Hardy uses two groups of names of places in his works: some actual and some fictitious. Among the real names are the Vale of Blackmoor or Blackmore, Hambledon Hill, Bulbarrow, Nettlecombe Tout, Dogburry Hill, High-story, Bubb-down Hill, the Devil’s kitchen, Cross in the Hand, Long-Ash Lane, Giants Hill, Crimmercrock Lane and Stonehenge. Real name of rivers like Froom or Frome and Stour along with large towns like Bath, Plymouth, The Start, Portland Bill, Southampton, were retained to mark the geographical boundary of the Wessex. Some real names of the towns were changed to fictitious names, as Dorchester became ‘Casterbridge’, Salisbury Plain became ‘The Great Plain’, Shaftesbury changed to ‘Shaston’, Winchester to "Wintoncestor’, Oxford to ‘Christminster’ and so on.

Wessex presents an enticing diversity. There are rolling chalk downs of Wiltshire and the high moors. Undulating topography of this region is breathtaking. There is the lush green river valley dotted with clumps of trees and small woods in between the villages. In Somerset’s Doone country the valleys are hidden by shrubs and through them shining streams appear and disappear in the undergrowth. In the lush dairy lands of Gloucestershire the scene is idyllic where one finds shepherds, milkmaids and farmers busy in their daily chores. Gloucester glows with the honey-coloured stone quarried from the Cotswolds.

It was and is used for churches and mansions and humble village homes.

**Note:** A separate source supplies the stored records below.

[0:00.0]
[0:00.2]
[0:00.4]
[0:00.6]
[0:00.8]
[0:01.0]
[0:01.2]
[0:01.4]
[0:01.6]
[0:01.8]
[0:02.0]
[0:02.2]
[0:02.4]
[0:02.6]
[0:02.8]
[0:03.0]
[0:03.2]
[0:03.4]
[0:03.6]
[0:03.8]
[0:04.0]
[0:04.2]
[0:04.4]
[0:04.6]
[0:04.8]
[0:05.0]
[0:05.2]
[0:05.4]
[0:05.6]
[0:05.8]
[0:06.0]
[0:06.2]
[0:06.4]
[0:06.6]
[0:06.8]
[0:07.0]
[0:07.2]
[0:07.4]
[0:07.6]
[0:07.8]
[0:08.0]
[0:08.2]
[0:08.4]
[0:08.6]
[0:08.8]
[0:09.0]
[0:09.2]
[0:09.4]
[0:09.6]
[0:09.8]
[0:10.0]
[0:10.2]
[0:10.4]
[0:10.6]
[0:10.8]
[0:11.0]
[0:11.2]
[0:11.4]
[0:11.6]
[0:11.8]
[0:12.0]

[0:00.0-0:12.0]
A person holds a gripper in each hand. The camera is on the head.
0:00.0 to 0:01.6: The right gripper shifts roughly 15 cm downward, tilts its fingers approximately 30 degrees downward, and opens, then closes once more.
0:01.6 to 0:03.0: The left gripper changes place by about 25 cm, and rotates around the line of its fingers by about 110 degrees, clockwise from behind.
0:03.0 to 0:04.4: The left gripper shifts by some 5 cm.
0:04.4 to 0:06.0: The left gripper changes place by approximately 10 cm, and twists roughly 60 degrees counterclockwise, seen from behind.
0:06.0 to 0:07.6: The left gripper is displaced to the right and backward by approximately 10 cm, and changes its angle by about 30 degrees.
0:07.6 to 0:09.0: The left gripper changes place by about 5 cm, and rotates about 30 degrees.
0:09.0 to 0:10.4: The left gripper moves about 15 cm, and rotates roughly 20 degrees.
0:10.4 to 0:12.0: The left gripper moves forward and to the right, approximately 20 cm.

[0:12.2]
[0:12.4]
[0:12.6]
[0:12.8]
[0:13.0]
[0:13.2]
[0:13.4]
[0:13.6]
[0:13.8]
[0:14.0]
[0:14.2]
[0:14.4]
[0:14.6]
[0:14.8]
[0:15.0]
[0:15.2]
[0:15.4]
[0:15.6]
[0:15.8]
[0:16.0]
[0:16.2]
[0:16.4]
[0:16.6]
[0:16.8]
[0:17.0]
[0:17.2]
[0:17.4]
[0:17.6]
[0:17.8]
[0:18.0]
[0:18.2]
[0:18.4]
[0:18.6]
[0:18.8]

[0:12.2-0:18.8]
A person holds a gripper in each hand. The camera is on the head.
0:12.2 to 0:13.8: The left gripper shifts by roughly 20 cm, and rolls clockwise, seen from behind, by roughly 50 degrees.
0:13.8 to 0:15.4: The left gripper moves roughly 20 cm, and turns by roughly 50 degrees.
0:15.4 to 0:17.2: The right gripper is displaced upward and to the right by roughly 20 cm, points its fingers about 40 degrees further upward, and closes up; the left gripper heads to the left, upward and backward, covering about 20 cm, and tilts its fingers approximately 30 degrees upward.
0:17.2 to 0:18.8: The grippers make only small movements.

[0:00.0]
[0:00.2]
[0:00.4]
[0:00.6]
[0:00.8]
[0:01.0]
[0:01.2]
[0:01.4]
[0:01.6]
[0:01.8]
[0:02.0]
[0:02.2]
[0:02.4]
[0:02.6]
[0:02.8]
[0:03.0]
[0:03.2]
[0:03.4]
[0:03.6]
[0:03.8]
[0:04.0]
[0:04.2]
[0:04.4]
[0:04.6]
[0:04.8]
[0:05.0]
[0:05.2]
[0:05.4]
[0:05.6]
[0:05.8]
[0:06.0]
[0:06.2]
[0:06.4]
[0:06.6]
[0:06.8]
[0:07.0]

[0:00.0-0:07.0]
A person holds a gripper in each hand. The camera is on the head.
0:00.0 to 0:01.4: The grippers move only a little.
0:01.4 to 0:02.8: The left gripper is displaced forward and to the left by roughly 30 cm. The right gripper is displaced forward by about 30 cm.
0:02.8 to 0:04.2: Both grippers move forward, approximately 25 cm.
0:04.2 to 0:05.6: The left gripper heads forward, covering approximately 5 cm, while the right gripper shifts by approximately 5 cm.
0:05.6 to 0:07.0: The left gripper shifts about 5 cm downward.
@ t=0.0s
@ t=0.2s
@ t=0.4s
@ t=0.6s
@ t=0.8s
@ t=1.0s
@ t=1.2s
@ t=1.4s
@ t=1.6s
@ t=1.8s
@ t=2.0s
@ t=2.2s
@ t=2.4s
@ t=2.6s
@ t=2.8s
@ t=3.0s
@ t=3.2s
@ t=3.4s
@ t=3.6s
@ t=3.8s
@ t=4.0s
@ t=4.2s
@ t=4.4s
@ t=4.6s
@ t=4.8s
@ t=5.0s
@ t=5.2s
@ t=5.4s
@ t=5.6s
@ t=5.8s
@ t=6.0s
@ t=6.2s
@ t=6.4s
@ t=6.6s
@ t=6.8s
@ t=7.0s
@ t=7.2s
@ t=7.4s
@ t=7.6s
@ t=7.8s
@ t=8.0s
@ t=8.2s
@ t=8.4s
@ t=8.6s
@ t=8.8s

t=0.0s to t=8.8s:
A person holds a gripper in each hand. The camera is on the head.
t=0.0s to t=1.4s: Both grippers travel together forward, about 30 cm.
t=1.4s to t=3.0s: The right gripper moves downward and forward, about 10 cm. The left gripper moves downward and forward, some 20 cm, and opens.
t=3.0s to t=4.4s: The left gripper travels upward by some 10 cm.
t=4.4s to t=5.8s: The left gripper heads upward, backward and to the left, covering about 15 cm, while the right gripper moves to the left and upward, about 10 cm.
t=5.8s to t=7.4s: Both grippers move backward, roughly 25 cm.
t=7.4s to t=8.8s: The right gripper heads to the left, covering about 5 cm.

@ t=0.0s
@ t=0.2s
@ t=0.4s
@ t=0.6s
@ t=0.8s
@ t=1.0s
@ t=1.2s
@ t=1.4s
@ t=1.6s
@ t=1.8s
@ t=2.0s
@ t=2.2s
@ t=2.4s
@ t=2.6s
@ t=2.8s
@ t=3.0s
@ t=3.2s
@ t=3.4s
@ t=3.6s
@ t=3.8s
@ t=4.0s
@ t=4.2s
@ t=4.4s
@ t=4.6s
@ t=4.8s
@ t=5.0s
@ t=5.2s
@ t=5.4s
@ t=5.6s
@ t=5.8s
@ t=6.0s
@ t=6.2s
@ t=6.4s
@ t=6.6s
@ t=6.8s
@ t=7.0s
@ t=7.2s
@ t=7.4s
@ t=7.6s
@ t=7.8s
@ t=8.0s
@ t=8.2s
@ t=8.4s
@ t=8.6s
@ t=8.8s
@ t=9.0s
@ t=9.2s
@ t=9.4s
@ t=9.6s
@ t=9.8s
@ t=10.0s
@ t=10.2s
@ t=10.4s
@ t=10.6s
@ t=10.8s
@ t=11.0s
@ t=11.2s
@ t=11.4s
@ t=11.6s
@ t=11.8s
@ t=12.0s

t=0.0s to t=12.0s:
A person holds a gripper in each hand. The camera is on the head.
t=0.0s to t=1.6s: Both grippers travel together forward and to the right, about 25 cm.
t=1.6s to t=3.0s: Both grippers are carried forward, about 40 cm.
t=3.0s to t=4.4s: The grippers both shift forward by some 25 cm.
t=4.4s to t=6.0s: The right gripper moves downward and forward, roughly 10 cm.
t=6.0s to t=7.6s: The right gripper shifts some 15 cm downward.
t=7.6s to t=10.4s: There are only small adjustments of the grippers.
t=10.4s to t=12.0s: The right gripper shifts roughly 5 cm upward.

The age-old tranquillity in Cotswold villages is in complete contrast to the rugged rural fastness of the heart of Hardy’s Dorset country. Here thatching of cottages is done with specially selected wheat straw — Dorset Reed — which gives a smoother finish than ordinary straw thatch. The limestone cliffs of portland bill and the pebble sweep of Chesil Beach on the Southern shore contrast with the wide golden sands of the Bristol Channel. Dorset is famous for its blue vinny cheese and Somerset for its cheddar caves.

Everywhere there is mystery and legend — mystery in the stone circles of Averbury and Stonehenge, burial mounds, intricated hill forts and giant figures cut by prehistoric men on turf-clad chalk hills, legends that are almost tangible in places like Glastonbury and the fabled Avalon of King Arthur, whose Camelot is believed to be Cadbury Castle, near Sutton Montis.

Through his imaginative works Hardy’s Wessex is as much alive today as it was in the time of his forebears.